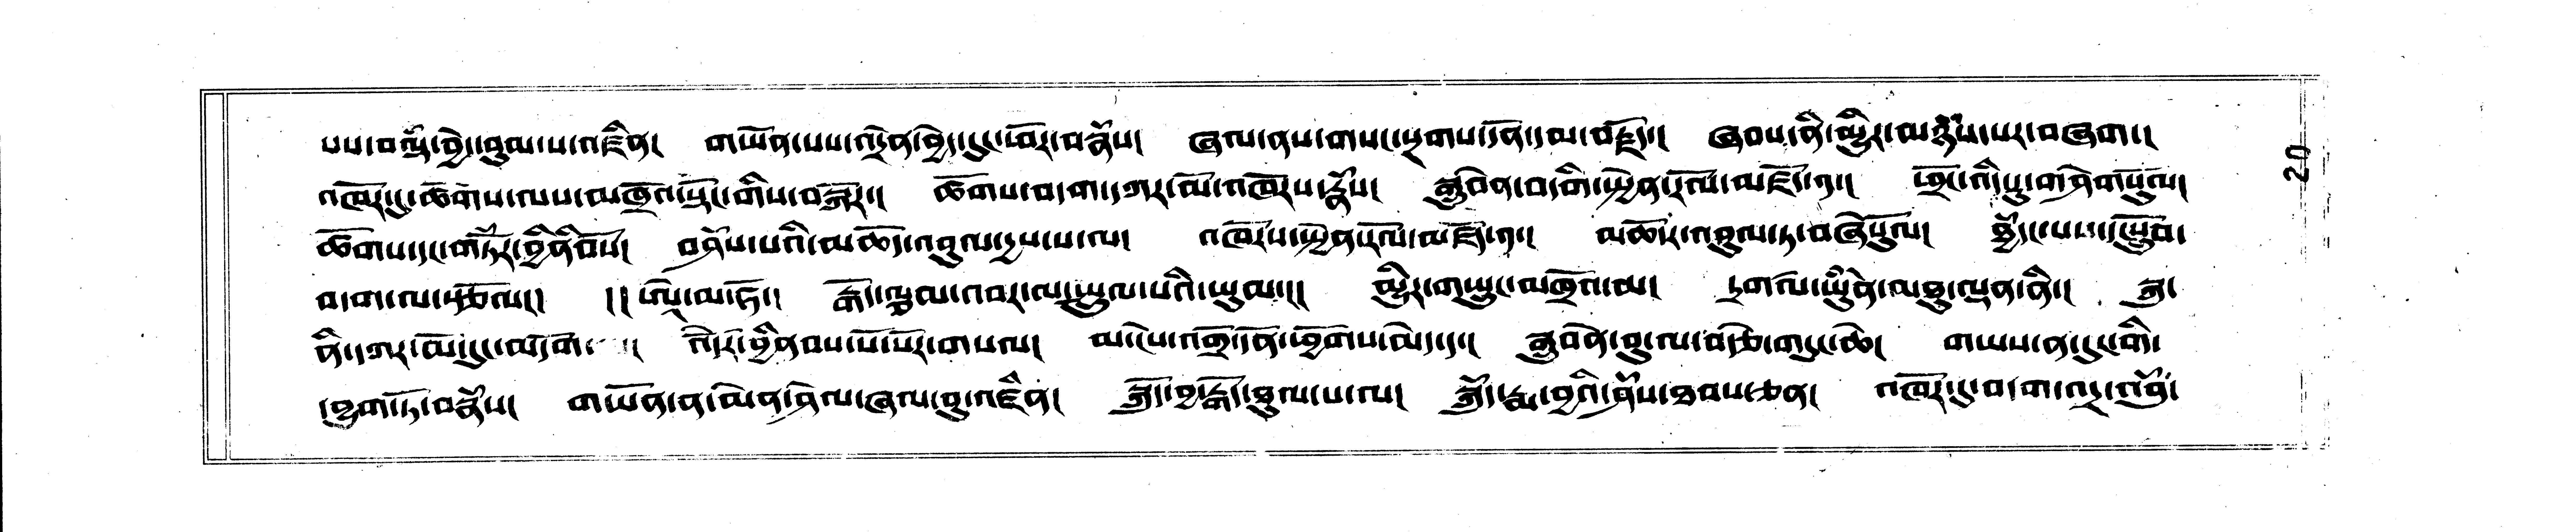པས་བལྟམས་བྱེད་བུམ་པ་འཛིན། གཡོན་པས་འདྲེན་བྱེད་དུང་ཕོར་བསྣམས། ཞལ་ནས་གསང་སྔགས་དོན་དམ་བརྗོད། ཞབས་ནི་མི་འགྱུར་མཉམ་པར་བཞག །
འཁོར་དུ་ཚོགས་ལས་མཁའ་འགྲོ་སྟོང་གིས་བསྐོར། ཚོགས་བདག་དཀར་མོ་འཁོར་བཅས་རྣམས། སྒྲུབ་ཆེན་བདག་གིས་སྤྱན་འདྲེན་ནས། ཕོ་བྲང་འདི་རུ་གཤེགས་སུ་གསོལ། 
ཚོགས་དང་གཏོར་མ་བྱིན་གྱིས་རློབས། བཤམས་པའི་མཆོད་འབུལ་རྒྱས་པ་ལ། འཁོར་བཅས་སྤྱན་འདྲེན་རོལ་མཛོད་ཅིག མཆོད་པར་འབུལ་ཏེ་བཞེས་སུ་གསོལ། ཐུགས་པས་དངོས་གྲུབ་
བདག་ལ་སྩོལ། །།ཨེ་མ་ཧོ།། རྒོད་ལྕམ་འབར་ལ་སྤྲུལ་པའི་ཡུམ།། མི་འགྱུར་གཡུང་དྲུང་མཁའ་འགྲོ་མ། དྲག་རྩལ་ཡུམ་ཆེན་མཐུ་ལྡན་ནི། སྐུ་
ནི་དཀར་མོ་དུང་མདོག་ལ། འོད་ཟེར་བྱིན་རླབས་སོ་སོར་གསལ། མ་ངེས་འགྲོ་དོན་ཕྱོགས་མེད་ད། སྒྲུབ་གཤེན་བུ་ལ་བརྩེ་གདུང་ཆེ། གཡས་ན་དུང་གི་
དབྱུག་ཏོ་བསྣམས། གཡོན་ན་མན་ཤེལ་ཞལ་བུ་འཛིན། སྐུ་བསྟོད་བྱ་རྒོད་ཐུལ་པ་ལ། སྐུ་སྨད་རྨ་བྱའི་ཤམས་ཐབས་ཅན། འཁོར་དུ་བདག་འདྲ་འབུམ་
++++++++++++++++++++
**Action item**
Repeat the data above exactly, but not the pictures.

**Task response**
པས་བལྟམས་བྱེད་བུམ་པ་འཛིན། གཡོན་པས་འདྲེན་བྱེད་དུང་ཕོར་བསྣམས། ཞལ་ནས་གསང་སྔགས་དོན་དམ་བརྗོད། ཞབས་ནི་མི་འགྱུར་མཉམ་པར་བཞག །
འཁོར་དུ་ཚོགས་ལས་མཁའ་འགྲོ་སྟོང་གིས་བསྐོར། ཚོགས་བདག་དཀར་མོ་འཁོར་བཅས་རྣམས། སྒྲུབ་ཆེན་བདག་གིས་སྤྱན་འདྲེན་ནས། ཕོ་བྲང་འདི་རུ་གཤེགས་སུ་གསོལ། 
ཚོགས་དང་གཏོར་མ་བྱིན་གྱིས་རློབས། བཤམས་པའི་མཆོད་འབུལ་རྒྱས་པ་ལ། འཁོར་བཅས་སྤྱན་འདྲེན་རོལ་མཛོད་ཅིག མཆོད་པར་འབུལ་ཏེ་བཞེས་སུ་གསོལ། ཐུགས་པས་དངོས་གྲུབ་
བདག་ལ་སྩོལ། །།ཨེ་མ་ཧོ།། རྒོད་ལྕམ་འབར་ལ་སྤྲུལ་པའི་ཡུམ།། མི་འགྱུར་གཡུང་དྲུང་མཁའ་འགྲོ་མ། དྲག་རྩལ་ཡུམ་ཆེན་མཐུ་ལྡན་ནི། སྐུ་
ནི་དཀར་མོ་དུང་མདོག་ལ། འོད་ཟེར་བྱིན་རླབས་སོ་སོར་གསལ། མ་ངེས་འགྲོ་དོན་ཕྱོགས་མེད་ད། སྒྲུབ་གཤེན་བུ་ལ་བརྩེ་གདུང་ཆེ། གཡས་ན་དུང་གི་
དབྱུག་ཏོ་བསྣམས། གཡོན་ན་མན་ཤེལ་ཞལ་བུ་འཛིན། སྐུ་བསྟོད་བྱ་རྒོད་ཐུལ་པ་ལ། སྐུ་སྨད་རྨ་བྱའི་ཤམས་ཐབས་ཅན། འཁོར་དུ་བདག་འདྲ་འབུམ་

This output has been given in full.